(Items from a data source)

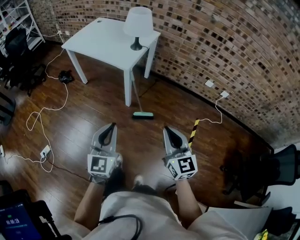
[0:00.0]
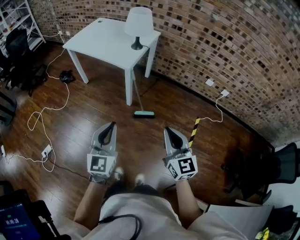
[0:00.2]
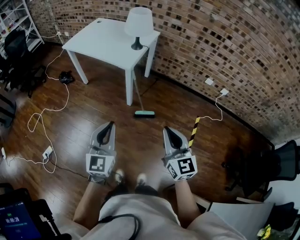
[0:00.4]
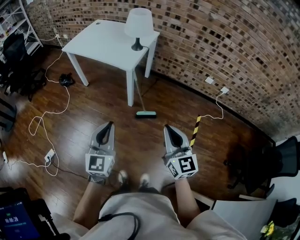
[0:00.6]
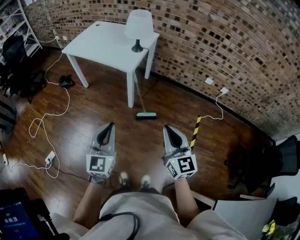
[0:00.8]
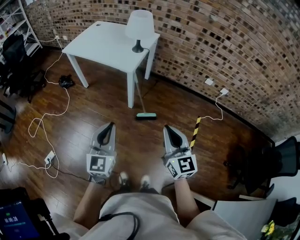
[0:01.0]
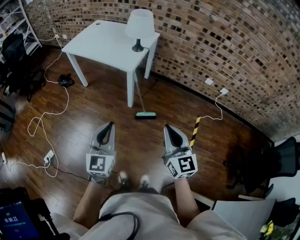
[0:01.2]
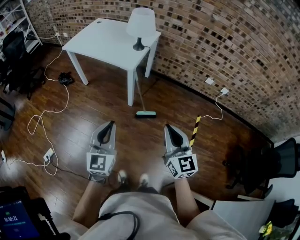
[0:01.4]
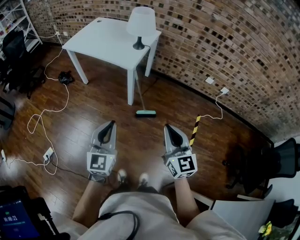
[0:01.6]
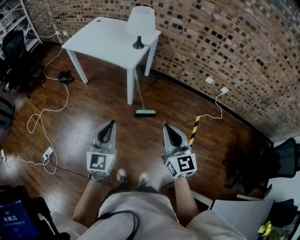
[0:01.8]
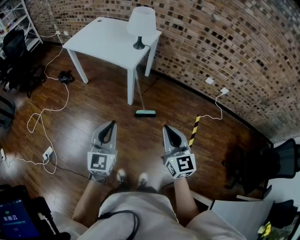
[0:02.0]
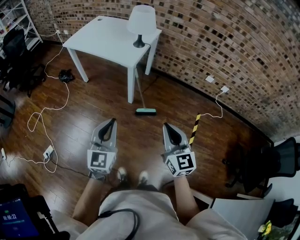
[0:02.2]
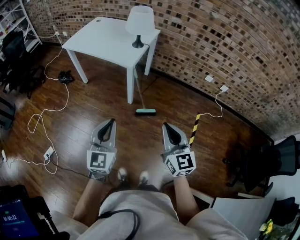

§ The problem:
Return every entry of the data above verbatim, with no images included.

§ Written answer:
[0:00.0]
[0:00.2]
[0:00.4]
[0:00.6]
[0:00.8]
[0:01.0]
[0:01.2]
[0:01.4]
[0:01.6]
[0:01.8]
[0:02.0]
[0:02.2]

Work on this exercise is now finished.